Because health policies are often being driven and executed at a local-level, the ideal integrated health information system should not only be designed to enable estimations of effective coverage at the national level, it should also allow estimations of the metric at the subnational level [16],[50]–[53]. Derivations of effective coverage at subnational level have been challenging because of the lack of dependable and representative data sources. Limitations in human resources and technical supports hinder regular collection of health data at the local level. Moreover, many surveys implemented sampling schemes that are designed to be representative at the national level only. In some cases, post-stratification weighing strategy can be applied. However, that does not guarantee that the estimates accurately represent the actual local demographic composition. Advancement in small area methodologies, which capitalized on geographical relatedness, has substantially enhanced our capacity to maximize the use of existing data to estimate and evaluate disease prevalence and intervention coverage at the local level [54]. Nevertheless, a solid data collection platform is crucial for long-term monitoring and policy planning.

Conclusions

UHC entails a global health ideal which, with concerted effort, could become reality. At the same time that policymakers and health officials are developing strategic plans for achieving UHC for their countries, it is also critical to prioritize establishing a data-driven framework for tracking progress in achieving UHC. In doing this, governments foster responsiveness and accountability for their UHC aims.

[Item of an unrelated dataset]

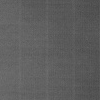
Atmospheric dust classification: dusty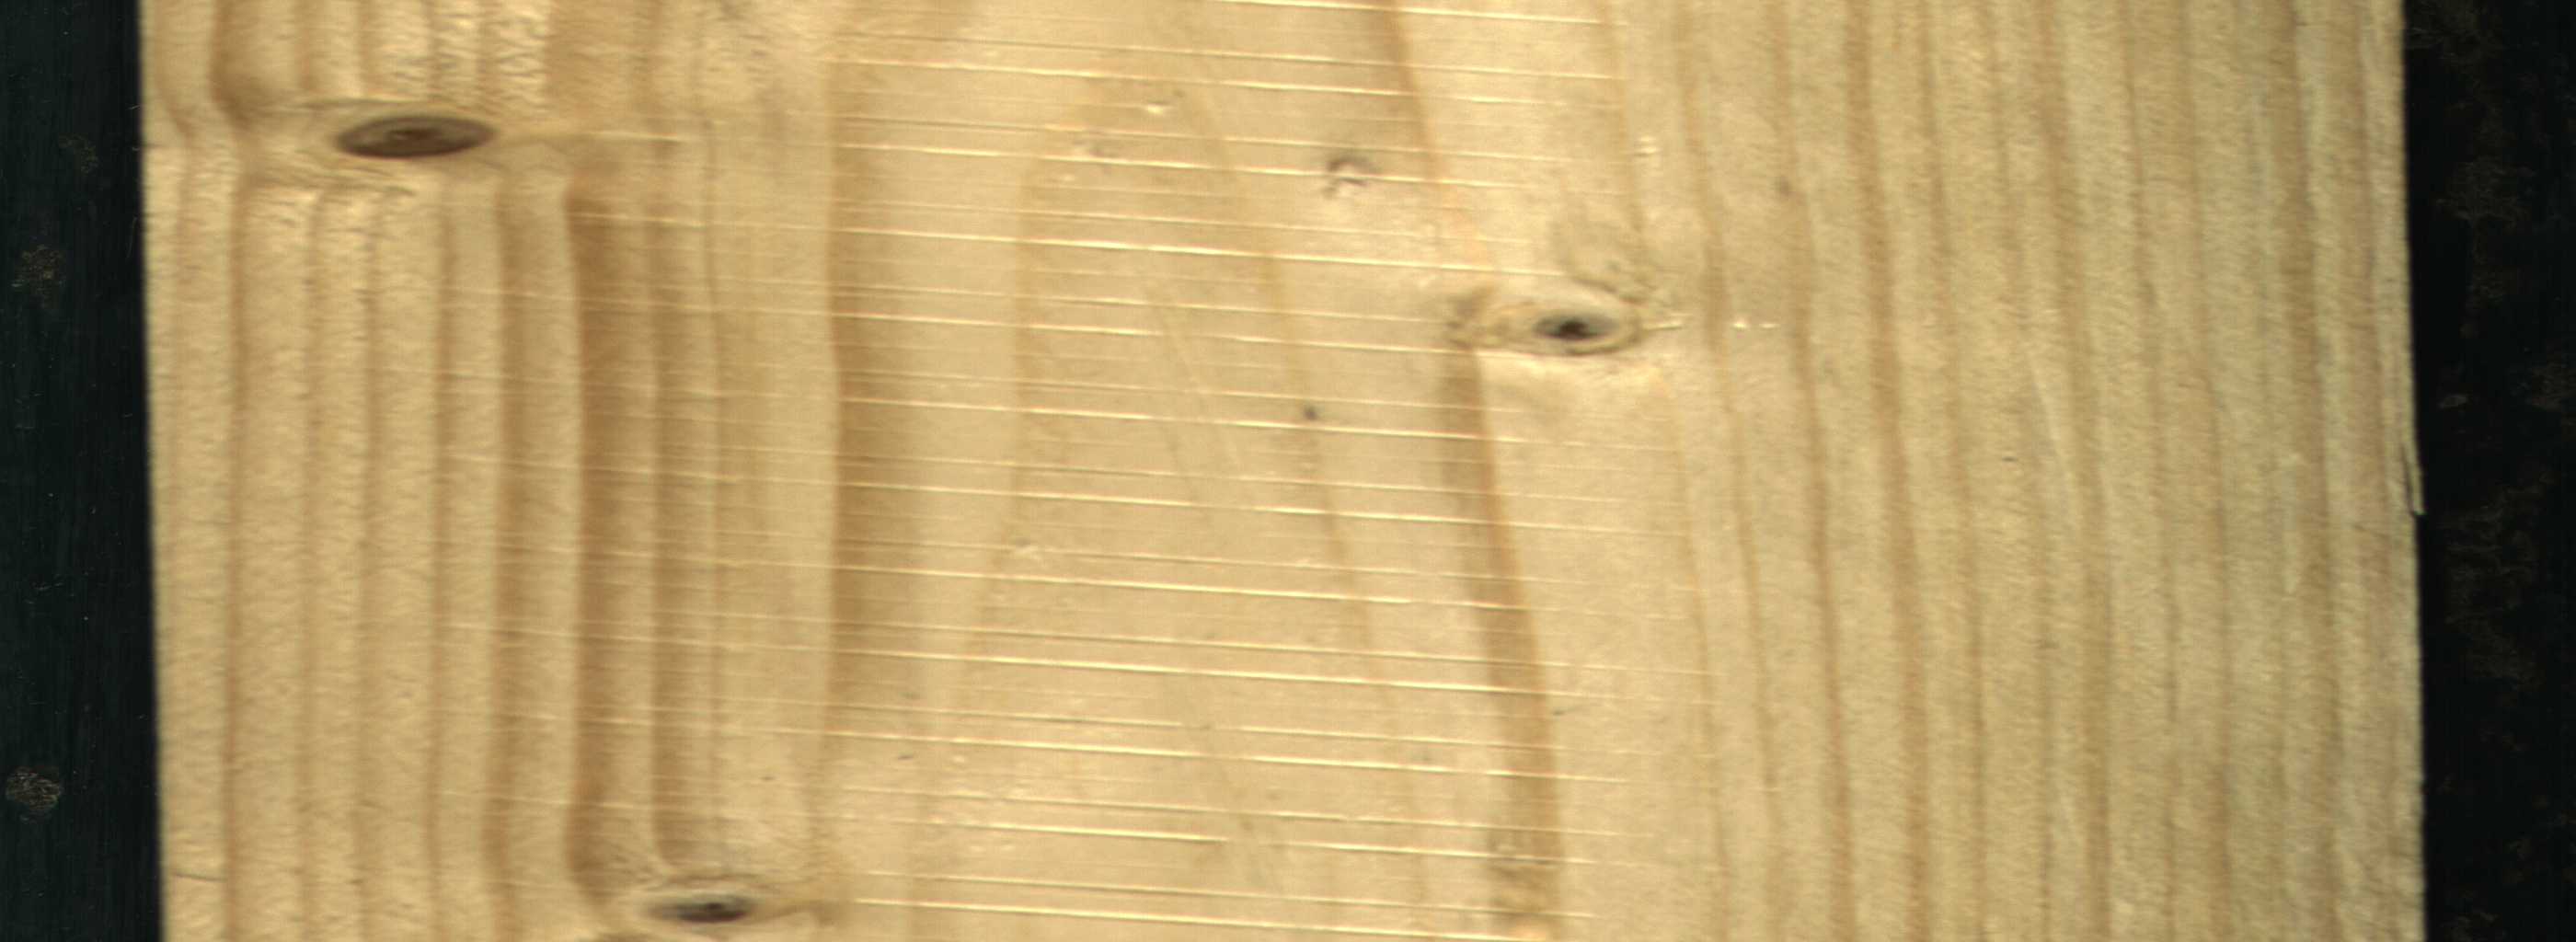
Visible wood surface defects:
Live_Knot
Live_Knot
Live_Knot

In this paper, we have reviewed the concept of effective coverage and highlighted three main components that affect its use under routine conditions. Box 2 provides recommendations on the major considerations for tracking effective coverage. These include first, reviewing existing evidence on disease burden, affordable interventions and social priorities; second, developing strategies to measure needs, use, and quality; and third, building system capacity for continuous monitoring. Among these considerations, building capacity for data collection and use remains the most substantial hurdle in broadly using effective coverage. Without further developing the strength and representation of routine health information systems, tracking national and subnational progress towards health goals, such as UHC, is likely to be more resource-intensive and prone to suboptimal accuracy.

Identify disease burden, affordable interventions, and social priorities when selecting which interventions to include in estimating effective coverage

Examine existing evidence on health need priorities.

Evaluate cost-effectiveness of interventions.

Consider concerns of equity: political, social, and cultural

Develop measurement strategies for tracking need, use, and quality for selected interventions

Intervention need can be measured using existing survey data, biological markers, or alternative methods such as Symptomatic Diagnosis (SD).

Intervention use can be estimated by synthesizing administrative and household survey data.

Intervention quality can be determined by different methods that link health outcomes with the receipt or use of interventions. Examples of these approaches include exposure matching, risk-adjusted health outcomes, and statistical modeling.

Build capacity for measuring effective coverage

Develop an integrated health surveillance system that allows triangulation of data.

Devote resources for training staff on data collection and basic analysis.

As health reform efforts continue to evolve worldwide, the range and scope of interventions comprising UHC priorities are likely to change over time as well. By harnessing existing health information systems and expanding their capacity, countries can be in the position of using effective coverage to align with their own UHC needs and to more accurately monitor progress towards their UHC goals.